Fortunately, there is an option called Distribution Preference that can be configured on the Service IP. For this particular configuration, that has both the Service IP and Boot IP on the same interface, we want to Disable Firstalias.

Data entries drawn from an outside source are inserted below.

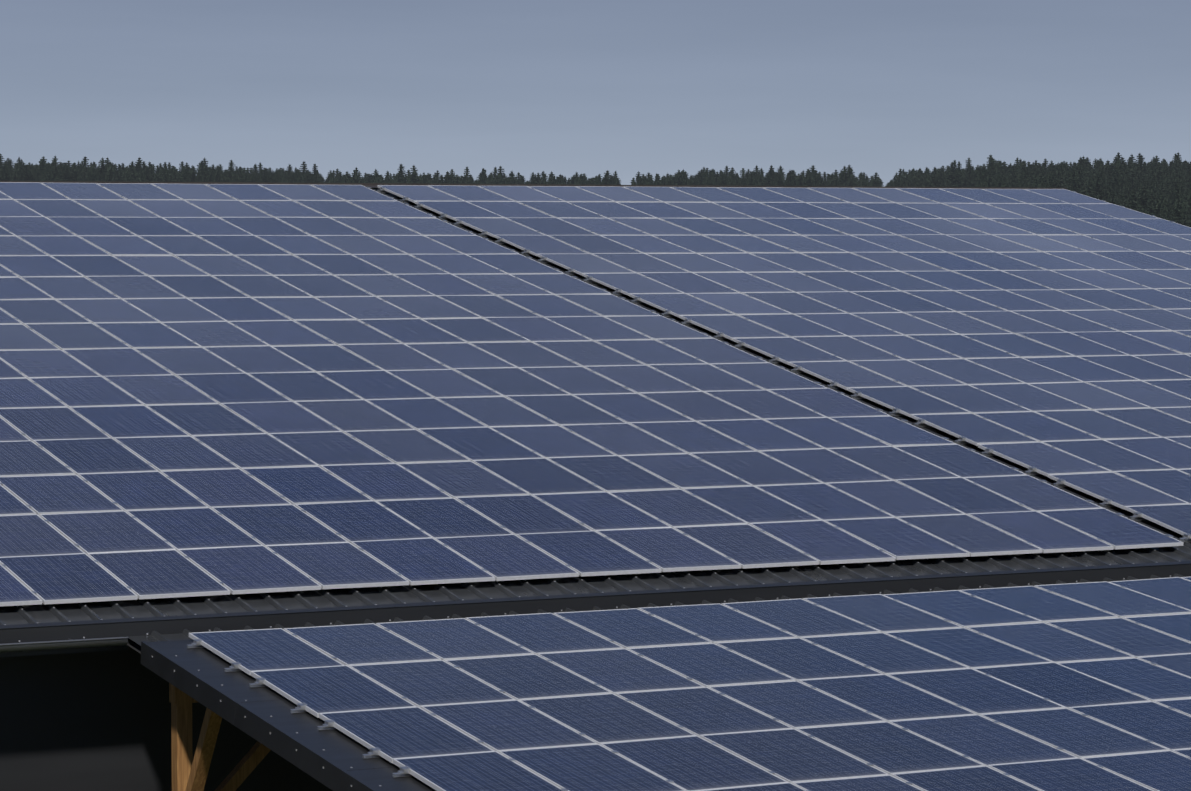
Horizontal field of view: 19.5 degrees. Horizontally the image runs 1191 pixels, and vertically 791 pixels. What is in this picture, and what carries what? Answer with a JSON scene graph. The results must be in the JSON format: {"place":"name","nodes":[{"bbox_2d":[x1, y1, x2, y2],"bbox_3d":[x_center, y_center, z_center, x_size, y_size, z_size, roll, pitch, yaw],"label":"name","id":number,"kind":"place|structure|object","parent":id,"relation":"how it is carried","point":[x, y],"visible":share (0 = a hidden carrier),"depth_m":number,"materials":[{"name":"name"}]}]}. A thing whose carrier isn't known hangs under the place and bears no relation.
{"place":"outdoors","nodes":[
{"label":"outdoors","id":0,"kind":"place"},
{"bbox_2d":[0,0,1190,186],"label":"sky","id":1,"kind":"structure","parent":0,"point":[590,88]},
{"bbox_3d":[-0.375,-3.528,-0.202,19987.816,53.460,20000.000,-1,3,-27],"label":"ground","id":2,"kind":"structure","parent":0,"visible":0},
{"bbox_2d":[0,649,332,790],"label":"barn walls","id":3,"kind":"structure","parent":2,"relation":"on","point":[92,721],"depth_m":35.62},
{"bbox_2d":[0,188,1190,624],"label":"roof sheet","id":4,"kind":"object","parent":3,"relation":"on","point":[336,598],"visible":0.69,"depth_m":38.05,"materials":[{"name":"black metal"}]},
{"bbox_2d":[0,181,1067,189],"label":"roof ridge cap","id":5,"kind":"object","parent":4,"relation":"on","point":[372,185],"visible":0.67,"depth_m":64.72,"materials":[{"name":"black metal"}]},
{"bbox_2d":[0,182,1183,605],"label":"solar panels","id":6,"kind":"object","parent":4,"relation":"on","point":[230,388],"visible":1,"depth_m":44.18,"materials":[{"name":"blue glass"}]},
{"bbox_2d":[0,561,1190,656],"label":"barn eave flashing","id":7,"kind":"object","parent":4,"relation":"attached to","point":[37,632],"visible":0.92,"depth_m":36.84,"materials":[{"name":"black metal"}]},
{"bbox_2d":[0,637,127,652],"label":"barn gutter","id":8,"kind":"object","parent":7,"relation":"attached to","point":[61,644],"visible":1,"depth_m":34.25,"materials":[{"name":"grey metal"}]},
{"bbox_2d":[377,185,1190,541],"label":"solar panels","id":9,"kind":"object","parent":4,"relation":"on","point":[1041,331],"visible":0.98,"depth_m":56.54,"materials":[{"name":"blue glass"}]},
{"bbox_2d":[169,683,270,790],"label":"wooden post","id":10,"kind":"object","parent":2,"relation":"on","point":[189,773],"visible":0.1,"depth_m":34.13,"materials":[{"name":"brown wood"}]},
{"bbox_2d":[126,574,1190,789],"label":"roof","id":11,"kind":"structure","parent":10,"relation":"on","point":[155,636],"depth_m":36.59,"materials":[{"name":"black metal"}]},
{"bbox_2d":[140,640,435,790],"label":"roof edge trim","id":12,"kind":"structure","parent":11,"relation":"on","point":[333,760],"depth_m":31.57,"materials":[{"name":"grey metal"}]},
{"bbox_2d":[187,577,1190,790],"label":"solar panels","id":13,"kind":"object","parent":11,"relation":"on","point":[1085,686],"visible":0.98,"depth_m":33.20,"materials":[{"name":"blue glass"}]},
{"bbox_2d":[0,152,1190,226],"bbox_3d":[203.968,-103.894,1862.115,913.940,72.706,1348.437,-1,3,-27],"label":"forest trees","id":14,"kind":"object","parent":2,"relation":"on","point":[1156,188],"visible":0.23,"depth_m":2114.56,"materials":[{"name":"green plant"}]}
]}

For the change to reflect across the cluster nodes, we need to Verify and Synchronize Cluster Configuration, and then bring that particular resource group offline, and the back online.

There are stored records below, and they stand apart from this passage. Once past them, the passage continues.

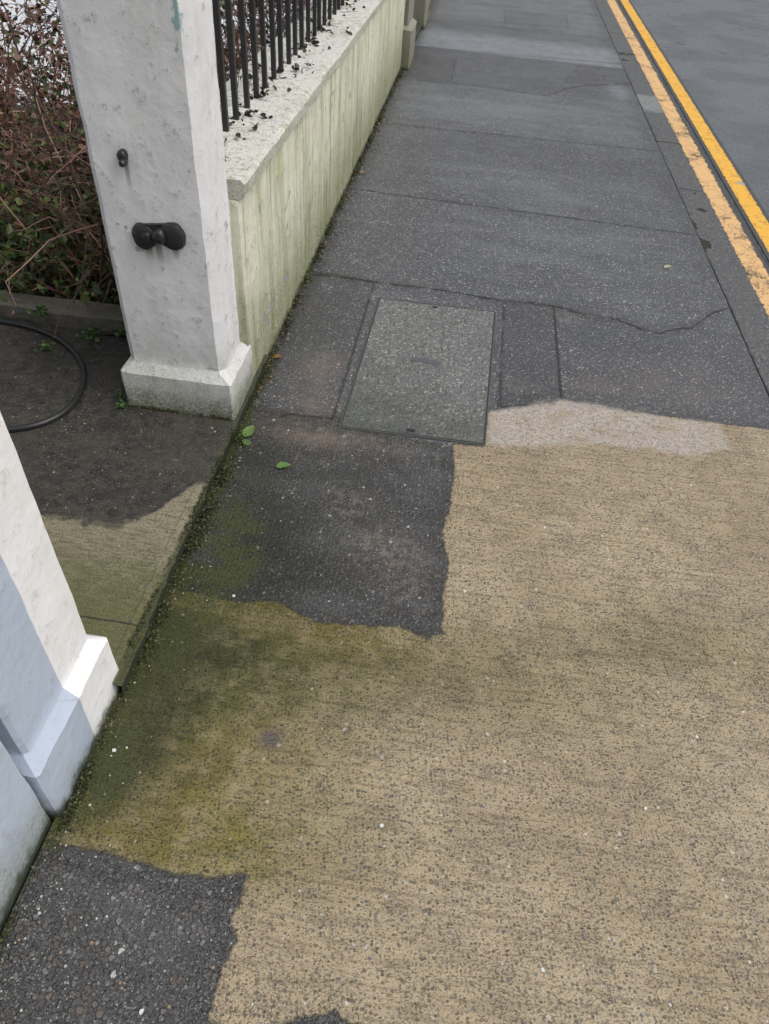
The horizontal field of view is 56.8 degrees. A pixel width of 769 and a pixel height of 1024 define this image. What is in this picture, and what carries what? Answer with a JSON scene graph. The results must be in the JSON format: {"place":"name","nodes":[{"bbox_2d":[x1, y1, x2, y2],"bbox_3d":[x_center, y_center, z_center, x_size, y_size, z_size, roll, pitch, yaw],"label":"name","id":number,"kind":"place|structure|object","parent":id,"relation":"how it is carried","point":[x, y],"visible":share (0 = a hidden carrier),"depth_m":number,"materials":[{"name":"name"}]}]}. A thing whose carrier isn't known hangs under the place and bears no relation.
{"place":"outdoors","nodes":[
{"label":"outdoors","id":0,"kind":"place"},
{"bbox_2d":[0,0,311,104],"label":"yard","id":1,"kind":"structure","parent":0,"point":[19,17],"depth_m":6.01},
{"bbox_2d":[0,102,125,335],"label":"garden bed","id":2,"kind":"object","parent":1,"relation":"on","point":[46,279],"visible":0.02,"depth_m":3.08,"materials":[{"name":"brown plant"}]},
{"bbox_2d":[0,161,118,303],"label":"shrub","id":3,"kind":"object","parent":2,"relation":"on","point":[11,254],"visible":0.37,"depth_m":2.80,"materials":[{"name":"green plant"}]},
{"bbox_2d":[0,290,124,335],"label":"garden edging","id":4,"kind":"object","parent":2,"relation":"on","point":[79,315],"visible":0.51,"depth_m":2.70,"materials":[{"name":"concrete"}]},
{"bbox_2d":[0,0,305,283],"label":"bush","id":5,"kind":"object","parent":2,"relation":"on","point":[10,133],"visible":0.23,"depth_m":3.01,"materials":[{"name":"brown plant"}]},
{"bbox_2d":[0,0,321,336],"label":"hedge","id":6,"kind":"object","parent":2,"relation":"on","point":[72,218],"visible":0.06,"depth_m":2.50,"materials":[{"name":"brown plant"}]},
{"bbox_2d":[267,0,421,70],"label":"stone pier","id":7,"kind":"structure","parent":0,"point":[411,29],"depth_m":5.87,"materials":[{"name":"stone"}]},
{"bbox_2d":[0,0,768,1023],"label":"pavement","id":8,"kind":"structure","parent":0,"point":[414,698],"depth_m":1.85,"materials":[{"name":"beige concrete"}]},
{"bbox_2d":[0,743,51,935],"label":"boundary wall","id":9,"kind":"structure","parent":8,"relation":"on","point":[25,823],"depth_m":1.36,"materials":[{"name":"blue paint"}]},
{"bbox_2d":[0,411,121,819],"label":"gate pillar","id":10,"kind":"structure","parent":8,"relation":"on","point":[59,689],"depth_m":1.37,"materials":[{"name":"paint"}]},
{"bbox_2d":[0,321,267,696],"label":"driveway","id":11,"kind":"structure","parent":8,"relation":"on","point":[168,458],"depth_m":2.18,"materials":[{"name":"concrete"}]},
{"bbox_2d":[0,318,86,431],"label":"garden hose","id":12,"kind":"object","parent":11,"relation":"on","point":[72,403],"visible":0.98,"depth_m":2.46,"materials":[{"name":"rubber"}]},
{"bbox_2d":[56,0,253,419],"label":"gate pillar","id":13,"kind":"structure","parent":8,"relation":"on","point":[145,75],"depth_m":1.91,"materials":[{"name":"white paint"}]},
{"bbox_2d":[116,148,128,160],"bbox_3d":[-0.681,-0.922,1.846,0.026,0.034,0.022,8,45,3],"label":"gate bolt","id":14,"kind":"object","parent":13,"relation":"attached to","point":[122,153],"visible":0.95,"depth_m":1.84,"materials":[{"name":"black metal"}]},
{"bbox_2d":[118,159,127,166],"bbox_3d":[-0.678,-0.904,1.844,0.020,0.020,0.020,8,45,3],"label":"gate bolt stub","id":15,"kind":"object","parent":13,"relation":"attached to","point":[123,162],"visible":1,"depth_m":1.84,"materials":[{"name":"grey metal"}]},
{"bbox_2d":[132,222,155,249],"bbox_3d":[-0.672,-0.770,1.993,0.073,0.075,0.020,8,45,3],"label":"hinge lobe","id":16,"kind":"object","parent":13,"relation":"attached to","point":[138,229],"visible":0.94,"depth_m":1.98,"materials":[{"name":"black metal"}]},
{"bbox_2d":[141,232,150,241],"bbox_3d":[-0.663,-0.764,1.978,0.026,0.028,0.014,8,45,3],"label":"hinge boss","id":17,"kind":"object","parent":16,"relation":"attached to","point":[146,236],"visible":1,"depth_m":1.97,"materials":[{"name":"black metal"}]},
{"bbox_2d":[152,228,165,244],"bbox_3d":[-0.625,-0.762,1.970,0.038,0.042,0.022,8,45,3],"label":"hinge boss","id":18,"kind":"object","parent":16,"relation":"attached to","point":[158,236],"visible":1,"depth_m":1.96,"materials":[{"name":"black metal"}]},
{"bbox_2d":[142,223,164,243],"bbox_3d":[-0.633,-0.778,1.985,0.077,0.065,0.015,8,45,3],"label":"hinge bar","id":19,"kind":"object","parent":13,"relation":"attached to","point":[152,226],"visible":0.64,"depth_m":1.97,"materials":[{"name":"black metal"}]},
{"bbox_2d":[160,222,185,249],"bbox_3d":[-0.595,-0.766,1.981,0.080,0.077,0.024,8,45,3],"label":"hinge lobe","id":20,"kind":"object","parent":13,"relation":"attached to","point":[175,234],"visible":0.95,"depth_m":1.97,"materials":[{"name":"black metal"}]},
{"bbox_2d":[26,180,355,438],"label":"weeds","id":21,"kind":"object","parent":8,"relation":"on","point":[41,312],"visible":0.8,"depth_m":2.64,"materials":[{"name":"green plant"}]},
{"bbox_2d":[0,68,406,952],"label":"moss","id":22,"kind":"object","parent":8,"relation":"on","point":[206,510],"visible":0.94,"depth_m":2.08,"materials":[{"name":"green plant"}]},
{"bbox_2d":[242,439,250,444],"bbox_3d":[-0.466,-0.234,2.387,0.034,0.007,0.028,8,45,3],"label":"fallen leaf","id":23,"kind":"object","parent":8,"relation":"on","point":[245,441],"visible":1,"depth_m":2.39,"materials":[{"name":"green plant"}]},
{"bbox_2d":[242,425,254,436],"bbox_3d":[-0.466,-0.278,2.431,0.041,0.007,0.063,8,45,3],"label":"fallen leaf","id":24,"kind":"object","parent":8,"relation":"on","point":[249,430],"visible":1,"depth_m":2.43,"materials":[{"name":"green plant"}]},
{"bbox_2d":[276,462,289,467],"bbox_3d":[-0.330,-0.151,2.317,0.049,0.007,0.031,8,45,3],"label":"fallen leaf","id":25,"kind":"object","parent":8,"relation":"on","point":[282,464],"visible":1,"depth_m":2.32,"materials":[{"name":"green plant"}]},
{"bbox_2d":[228,0,405,373],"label":"wall","id":26,"kind":"structure","parent":8,"relation":"on","point":[282,212],"depth_m":3.01,"materials":[{"name":"beige paint"}]},
{"bbox_2d":[219,0,384,200],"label":"coping","id":27,"kind":"object","parent":26,"relation":"on","point":[250,158],"visible":0.58,"depth_m":2.69,"materials":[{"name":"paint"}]},
{"bbox_2d":[212,0,348,131],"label":"iron railing","id":28,"kind":"object","parent":27,"relation":"on","point":[316,13],"visible":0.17,"depth_m":2.58,"materials":[{"name":"black metal"}]},
{"bbox_2d":[212,0,364,159],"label":"dead leaves","id":29,"kind":"object","parent":27,"relation":"on","point":[262,88],"visible":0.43,"depth_m":2.86,"materials":[{"name":"brown plant"}]},
{"bbox_2d":[0,77,764,1023],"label":"grit","id":30,"kind":"object","parent":8,"relation":"on","point":[542,969],"visible":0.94,"depth_m":1.43,"materials":[{"name":"stone"}]},
{"bbox_2d":[339,298,495,445],"bbox_3d":[0.167,-0.588,2.821,0.535,0.016,0.963,8,45,3],"label":"manhole cover","id":31,"kind":"object","parent":8,"relation":"on","point":[423,370],"visible":1,"depth_m":2.75,"materials":[{"name":"concrete"}]},
{"bbox_2d":[413,0,429,29],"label":"stone pier","id":32,"kind":"structure","parent":0,"point":[420,11],"depth_m":7.04,"materials":[{"name":"beige stone"}]},
{"bbox_2d":[617,0,768,266],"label":"road","id":33,"kind":"structure","parent":0,"point":[716,52],"depth_m":7.33,"materials":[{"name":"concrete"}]},
{"bbox_2d":[606,0,768,317],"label":"yellow line","id":34,"kind":"object","parent":33,"relation":"on","point":[749,256],"depth_m":4.88,"materials":[{"name":"paint"}]},
{"bbox_2d":[619,0,768,259],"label":"yellow line","id":35,"kind":"object","parent":33,"relation":"on","point":[752,210],"depth_m":5.47,"materials":[{"name":"paint"}]},
{"label":"ground","id":36,"kind":"structure","parent":0,"visible":0},
{"bbox_2d":[594,0,768,396],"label":"kerb","id":37,"kind":"structure","parent":36,"relation":"on","point":[750,316],"depth_m":4.08,"materials":[{"name":"stone"}]}
]}

You can find the option using the following fastpath: smitty cm_service_ip
, or drilling down the following menu options.
1
2
3
4
Cluster Applications and Resources
> Resources
> Configure Service IP Labels/Addresses
> Configure Service IP Labels/Address Distribution Preference
After making the change, the order of the IP aliases within the powerha1 node look like this.
1
2
3
4
5
6
7
8
9
10
11
12
13
14
15
16
17
18
19
20
21
22
23
24
powerha1# ifconfig -a
en0: flags=1e084863,104c0<UP,BROADCAST,NOTRAILERS,RUNNING,SIMPLEX,MULTICAST,GROUPRT,64BIT,CHECKSUM_OFFLOAD(ACTIVE),LARGESEND,CHAIN>
inet 10.10.10.101 netmask 0xffffff00 broadcast 10.10.10.255
inet 10.10.10.102 netmask 0xffffff00 broadcast 10.10.10.255
tcp_sendspace 262144 tcp_recvspace 262144 rfc1323 1
lo0: flags=e08084b,c0<UP,BROADCAST,LOOPBACK,RUNNING,SIMPLEX,MULTICAST,GROUPRT,64BIT,LARGESEND,CHAIN>
inet 127.0.0.1 netmask 0xff000000 broadcast 127.255.255.255
tcp_sendspace 131072 tcp_recvspace 131072 rfc1323 1
powerha1# traceroute nim
trying to get source for nim
source should be 10.10.10.101
traceroute to nim (10.10.10.100) from 10.10.10.101 (10.10.10.101), 30 hops max
outgoing MTU = 1500
1 10.10.10.252 (10.10.10.252) 2 ms 1 ms 2 ms
2 nim (10.10.10.100) 1 ms 1 ms 1 ms
powerha1# netstat -in
Name Mtu Network Address Ipkts Ierrs Opkts Oerrs Coll
en0 1500 link#2 1a.d8.5f.87.26.15 82006462 0 34814141 0 0
en0 1500 10.10.10 10.10.10.101 82006462 0 34814141 0 0
en0 1500 10.10.10 10.10.10.102 82006462 0 34814141 0 0
lo0 16896 link#1 2430058 0 2430058 0 0
lo0 16896 127 127.0.0.1 2430058 0 2430058 0 0
After this change, both PowerHA SystemMirror cluster nodes successfully take NIM mksysb backups. Thanks goes out to Chris Gibson @cgibbo in helping resolve this issue.